> [Task details]:
All of the entries below should be returned verbatim, apart from the pictures.

> [Working data]:
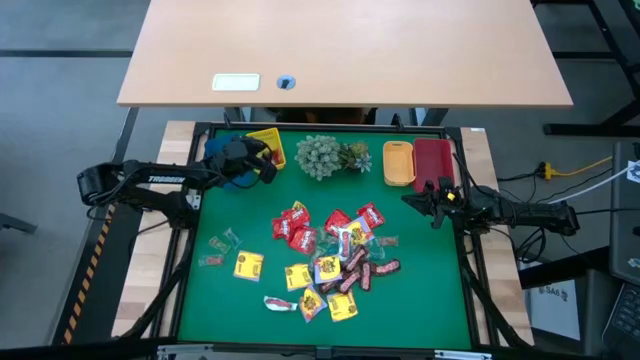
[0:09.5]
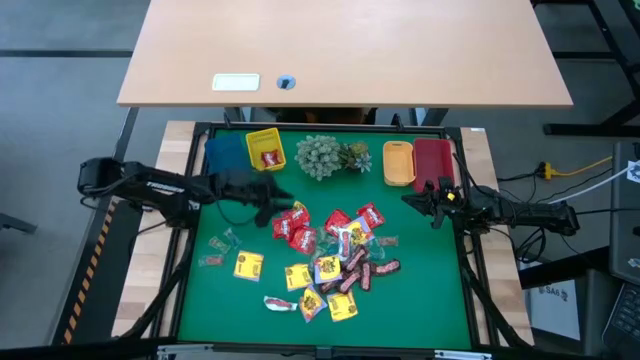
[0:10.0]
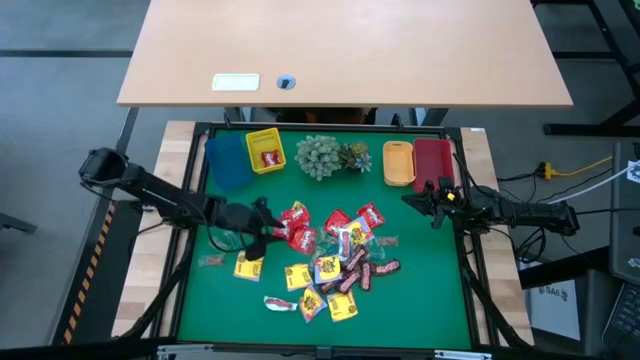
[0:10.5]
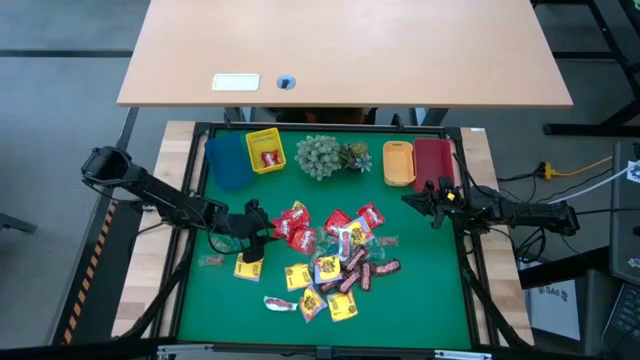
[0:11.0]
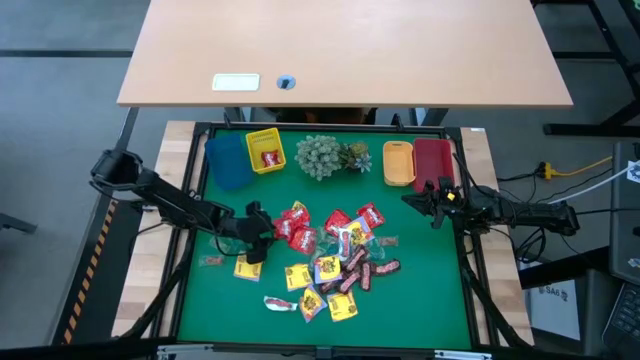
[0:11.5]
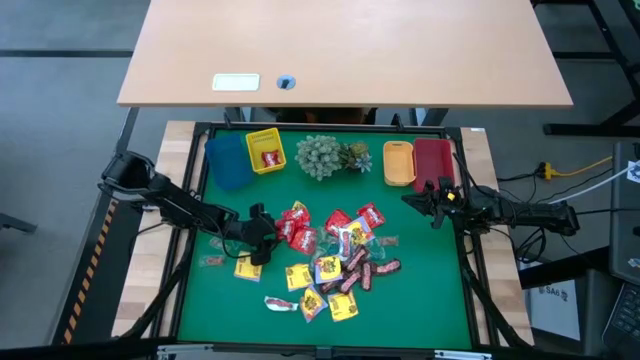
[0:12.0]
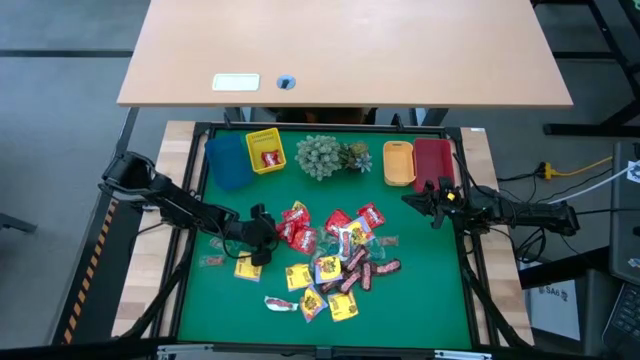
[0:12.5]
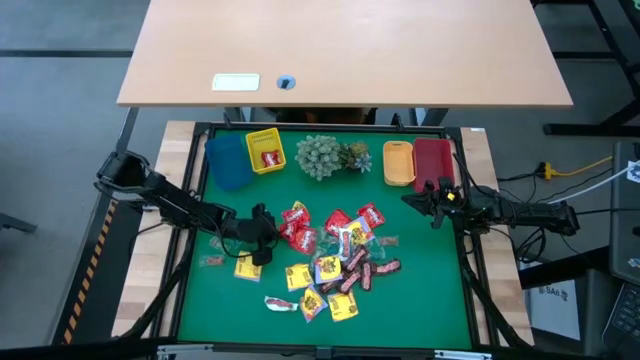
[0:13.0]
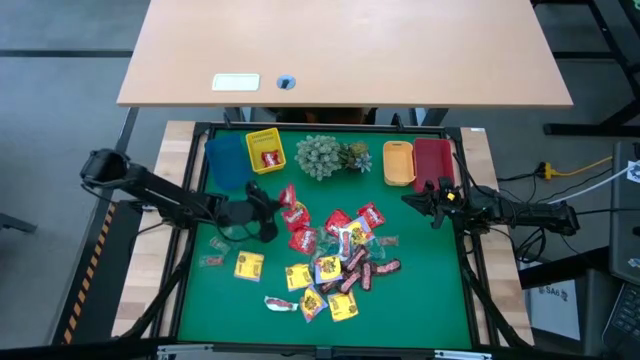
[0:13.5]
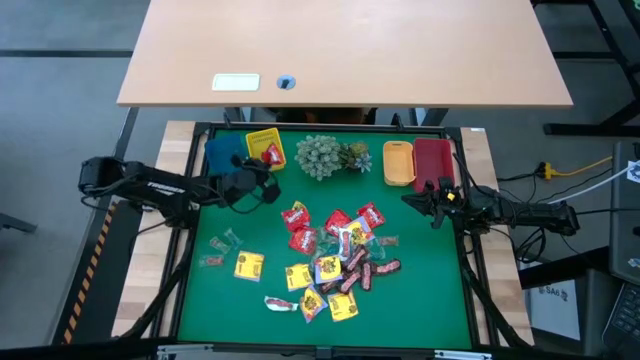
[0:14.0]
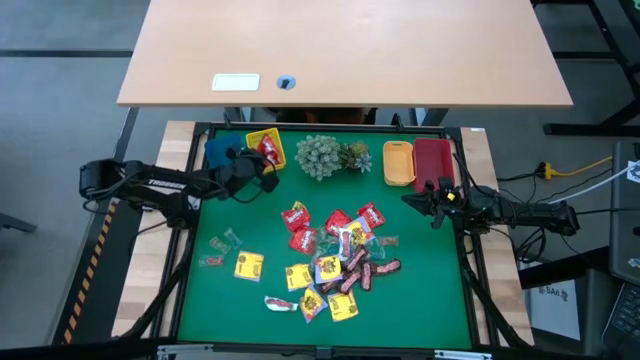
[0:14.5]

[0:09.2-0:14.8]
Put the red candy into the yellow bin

> [Answer for this exercise]:
[0:09.5]
[0:10.0]
[0:10.5]
[0:11.0]
[0:11.5]
[0:12.0]
[0:12.5]
[0:13.0]
[0:13.5]
[0:14.0]
[0:14.5]

[0:09.2-0:14.8]
Put the red candy into the yellow bin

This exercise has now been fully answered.